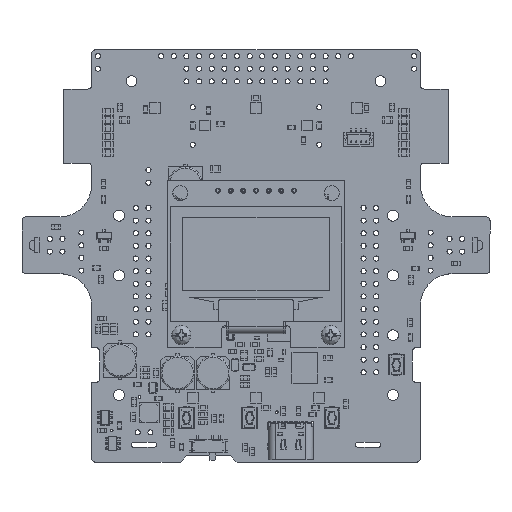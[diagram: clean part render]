
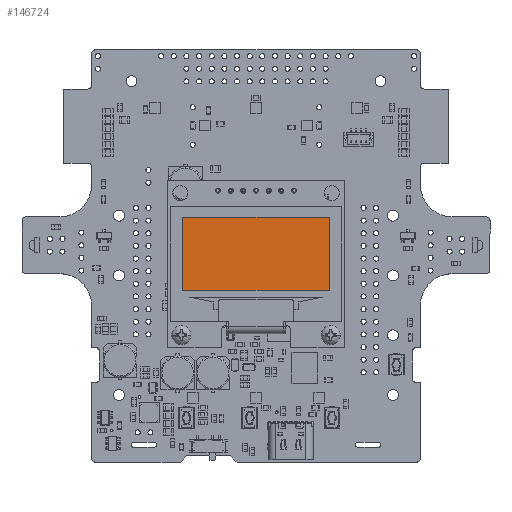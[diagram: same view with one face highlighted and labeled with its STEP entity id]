
A CAD part, top view. The second image highlights one B-rep face of the part: STEP entity #146724.
In plain terms, the highlighted planar face has unit normal (0, 0, 1).
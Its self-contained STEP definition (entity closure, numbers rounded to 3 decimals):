
#1936 = DIRECTION ( 'NONE',  ( -1., 0., 0. ) ) ;
#14290 = CARTESIAN_POINT ( 'NONE',  ( 14.71, 49.158, 11.101 ) ) ;
#16785 = DIRECTION ( 'NONE',  ( 1., 0., 0. ) ) ;
#19105 = EDGE_CURVE ( 'NONE', #241339, #127672, #183941, .T. ) ;
#23079 = CARTESIAN_POINT ( 'NONE',  ( -14.71, 34.458, 11.101 ) ) ;
#23801 = CARTESIAN_POINT ( 'NONE',  ( -14.71, 49.158, 11.101 ) ) ;
#24036 = AXIS2_PLACEMENT_3D ( 'NONE', #87329, #217779, #16785 ) ;
#54363 = ORIENTED_EDGE ( 'NONE', *, *, #270722, .T. ) ;
#69318 = DIRECTION ( 'NONE',  ( 0., -1., 0. ) ) ;
#72029 = CARTESIAN_POINT ( 'NONE',  ( 14.71, 34.458, 11.101 ) ) ;
#79591 = CARTESIAN_POINT ( 'NONE',  ( -14.71, 49.158, 11.101 ) ) ;
#85386 = DIRECTION ( 'NONE',  ( 1., 0., 0. ) ) ;
#87329 = CARTESIAN_POINT ( 'NONE',  ( -17.7, 23.008, 11.101 ) ) ;
#88274 = LINE ( 'NONE', #264357, #198321 ) ;
#94032 = ORIENTED_EDGE ( 'NONE', *, *, #99581, .T. ) ;
#99581 = EDGE_CURVE ( 'NONE', #186712, #99645, #88274, .T. ) ;
#99645 = VERTEX_POINT ( 'NONE', #72029 ) ;
#100639 = VECTOR ( 'NONE', #69318, 1000. ) ;
#105009 = EDGE_LOOP ( 'NONE', ( #224344, #94032, #54363, #112645 ) ) ;
#112645 = ORIENTED_EDGE ( 'NONE', *, *, #19105, .T. ) ;
#115076 = CARTESIAN_POINT ( 'NONE',  ( -14.71, 49.158, 11.101 ) ) ;
#115302 = EDGE_CURVE ( 'NONE', #127672, #186712, #271798, .T. ) ;
#127672 = VERTEX_POINT ( 'NONE', #79591 ) ;
#128514 = PLANE ( 'NONE',  #24036 ) ;
#146724 = ADVANCED_FACE ( 'NONE', ( #288223 ), #128514, .T. ) ;
#148096 = DIRECTION ( 'NONE',  ( 0., 1., 0. ) ) ;
#167770 = VECTOR ( 'NONE', #1936, 1000. ) ;
#183941 = LINE ( 'NONE', #115076, #167770 ) ;
#186712 = VERTEX_POINT ( 'NONE', #23079 ) ;
#198321 = VECTOR ( 'NONE', #85386, 1000. ) ;
#217779 = DIRECTION ( 'NONE',  ( 0., 0., 1. ) ) ;
#224344 = ORIENTED_EDGE ( 'NONE', *, *, #115302, .T. ) ;
#231361 = VECTOR ( 'NONE', #148096, 1000. ) ;
#241339 = VERTEX_POINT ( 'NONE', #14290 ) ;
#259529 = CARTESIAN_POINT ( 'NONE',  ( 14.71, 49.158, 11.101 ) ) ;
#264357 = CARTESIAN_POINT ( 'NONE',  ( -14.71, 34.458, 11.101 ) ) ;
#270722 = EDGE_CURVE ( 'NONE', #99645, #241339, #281538, .T. ) ;
#271798 = LINE ( 'NONE', #23801, #100639 ) ;
#281538 = LINE ( 'NONE', #259529, #231361 ) ;
#288223 = FACE_OUTER_BOUND ( 'NONE', #105009, .T. ) ;

Your goal
Return only this span, exactly: the line that contains "#241339 = VERTEX_POINT ( 'NONE', #14290 ) ;" and all lines after it to the end of the records.

Exercise response
#241339 = VERTEX_POINT ( 'NONE', #14290 ) ;
#259529 = CARTESIAN_POINT ( 'NONE',  ( 14.71, 49.158, 11.101 ) ) ;
#264357 = CARTESIAN_POINT ( 'NONE',  ( -14.71, 34.458, 11.101 ) ) ;
#270722 = EDGE_CURVE ( 'NONE', #99645, #241339, #281538, .T. ) ;
#271798 = LINE ( 'NONE', #23801, #100639 ) ;
#281538 = LINE ( 'NONE', #259529, #231361 ) ;
#288223 = FACE_OUTER_BOUND ( 'NONE', #105009, .T. ) ;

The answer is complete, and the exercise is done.